Items from a dataset:
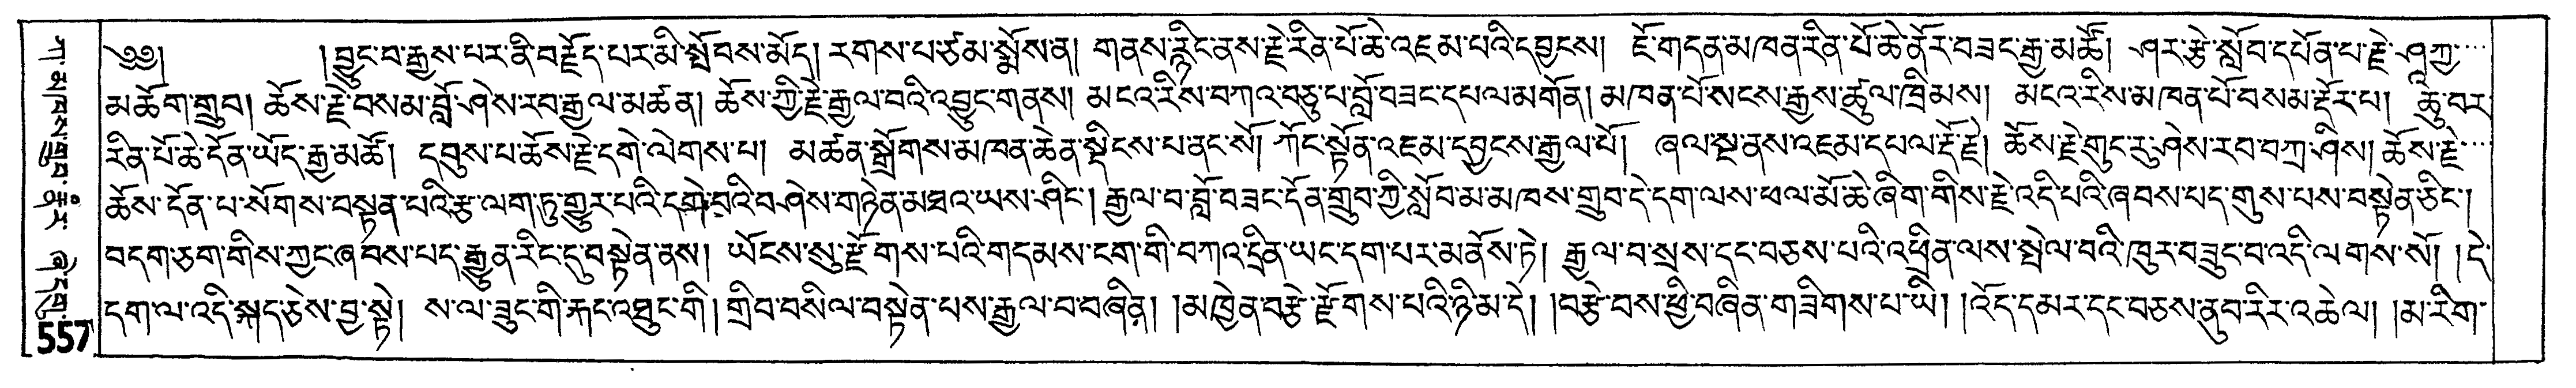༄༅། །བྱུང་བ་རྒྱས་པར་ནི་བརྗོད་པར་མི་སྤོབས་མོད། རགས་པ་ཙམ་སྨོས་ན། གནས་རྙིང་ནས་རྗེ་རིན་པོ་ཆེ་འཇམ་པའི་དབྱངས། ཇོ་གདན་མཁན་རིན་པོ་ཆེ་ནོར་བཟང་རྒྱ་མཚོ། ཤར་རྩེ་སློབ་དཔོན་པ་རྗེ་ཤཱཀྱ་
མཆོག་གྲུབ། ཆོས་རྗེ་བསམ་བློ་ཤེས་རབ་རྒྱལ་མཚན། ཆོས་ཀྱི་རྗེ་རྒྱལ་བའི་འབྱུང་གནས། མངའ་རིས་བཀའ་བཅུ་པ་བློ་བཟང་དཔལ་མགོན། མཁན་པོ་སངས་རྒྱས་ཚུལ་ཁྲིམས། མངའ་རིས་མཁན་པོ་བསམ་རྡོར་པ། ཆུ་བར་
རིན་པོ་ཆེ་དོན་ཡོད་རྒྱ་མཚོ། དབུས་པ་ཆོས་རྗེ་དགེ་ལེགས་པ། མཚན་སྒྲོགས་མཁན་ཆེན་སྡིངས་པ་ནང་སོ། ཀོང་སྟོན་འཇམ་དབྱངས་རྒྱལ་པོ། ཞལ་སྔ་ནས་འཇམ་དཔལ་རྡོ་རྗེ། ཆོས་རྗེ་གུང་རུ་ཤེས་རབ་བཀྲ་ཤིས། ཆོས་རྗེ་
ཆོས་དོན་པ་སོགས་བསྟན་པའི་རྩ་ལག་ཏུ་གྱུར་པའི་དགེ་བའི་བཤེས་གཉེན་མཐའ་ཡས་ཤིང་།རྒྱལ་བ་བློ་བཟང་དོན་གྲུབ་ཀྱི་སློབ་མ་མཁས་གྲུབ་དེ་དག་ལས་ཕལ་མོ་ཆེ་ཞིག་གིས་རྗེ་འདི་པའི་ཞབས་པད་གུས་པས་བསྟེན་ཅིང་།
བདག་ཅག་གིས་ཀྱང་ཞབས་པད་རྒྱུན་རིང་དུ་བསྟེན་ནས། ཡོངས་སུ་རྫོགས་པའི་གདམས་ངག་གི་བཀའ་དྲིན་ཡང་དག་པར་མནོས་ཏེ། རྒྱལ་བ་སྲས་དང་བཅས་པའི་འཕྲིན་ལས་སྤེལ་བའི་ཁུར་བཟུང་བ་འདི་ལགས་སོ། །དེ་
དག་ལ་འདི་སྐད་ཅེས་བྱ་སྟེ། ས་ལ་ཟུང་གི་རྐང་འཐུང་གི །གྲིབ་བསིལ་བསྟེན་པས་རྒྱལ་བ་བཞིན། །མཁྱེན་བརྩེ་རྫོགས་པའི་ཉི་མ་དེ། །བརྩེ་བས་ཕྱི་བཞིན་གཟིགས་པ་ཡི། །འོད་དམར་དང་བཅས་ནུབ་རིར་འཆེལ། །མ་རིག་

# Problem to solve
Copy out the data verbatim, excluding the pictures.

# Worked solution
༄༅། །བྱུང་བ་རྒྱས་པར་ནི་བརྗོད་པར་མི་སྤོབས་མོད། རགས་པ་ཙམ་སྨོས་ན། གནས་རྙིང་ནས་རྗེ་རིན་པོ་ཆེ་འཇམ་པའི་དབྱངས། ཇོ་གདན་མཁན་རིན་པོ་ཆེ་ནོར་བཟང་རྒྱ་མཚོ། ཤར་རྩེ་སློབ་དཔོན་པ་རྗེ་ཤཱཀྱ་
མཆོག་གྲུབ། ཆོས་རྗེ་བསམ་བློ་ཤེས་རབ་རྒྱལ་མཚན། ཆོས་ཀྱི་རྗེ་རྒྱལ་བའི་འབྱུང་གནས། མངའ་རིས་བཀའ་བཅུ་པ་བློ་བཟང་དཔལ་མགོན། མཁན་པོ་སངས་རྒྱས་ཚུལ་ཁྲིམས། མངའ་རིས་མཁན་པོ་བསམ་རྡོར་པ། ཆུ་བར་
རིན་པོ་ཆེ་དོན་ཡོད་རྒྱ་མཚོ། དབུས་པ་ཆོས་རྗེ་དགེ་ལེགས་པ། མཚན་སྒྲོགས་མཁན་ཆེན་སྡིངས་པ་ནང་སོ། ཀོང་སྟོན་འཇམ་དབྱངས་རྒྱལ་པོ། ཞལ་སྔ་ནས་འཇམ་དཔལ་རྡོ་རྗེ། ཆོས་རྗེ་གུང་རུ་ཤེས་རབ་བཀྲ་ཤིས། ཆོས་རྗེ་
ཆོས་དོན་པ་སོགས་བསྟན་པའི་རྩ་ལག་ཏུ་གྱུར་པའི་དགེ་བའི་བཤེས་གཉེན་མཐའ་ཡས་ཤིང་།རྒྱལ་བ་བློ་བཟང་དོན་གྲུབ་ཀྱི་སློབ་མ་མཁས་གྲུབ་དེ་དག་ལས་ཕལ་མོ་ཆེ་ཞིག་གིས་རྗེ་འདི་པའི་ཞབས་པད་གུས་པས་བསྟེན་ཅིང་།
བདག་ཅག་གིས་ཀྱང་ཞབས་པད་རྒྱུན་རིང་དུ་བསྟེན་ནས། ཡོངས་སུ་རྫོགས་པའི་གདམས་ངག་གི་བཀའ་དྲིན་ཡང་དག་པར་མནོས་ཏེ། རྒྱལ་བ་སྲས་དང་བཅས་པའི་འཕྲིན་ལས་སྤེལ་བའི་ཁུར་བཟུང་བ་འདི་ལགས་སོ། །དེ་
དག་ལ་འདི་སྐད་ཅེས་བྱ་སྟེ། ས་ལ་ཟུང་གི་རྐང་འཐུང་གི །གྲིབ་བསིལ་བསྟེན་པས་རྒྱལ་བ་བཞིན། །མཁྱེན་བརྩེ་རྫོགས་པའི་ཉི་མ་དེ། །བརྩེ་བས་ཕྱི་བཞིན་གཟིགས་པ་ཡི། །འོད་དམར་དང་བཅས་ནུབ་རིར་འཆེལ། །མ་རིག་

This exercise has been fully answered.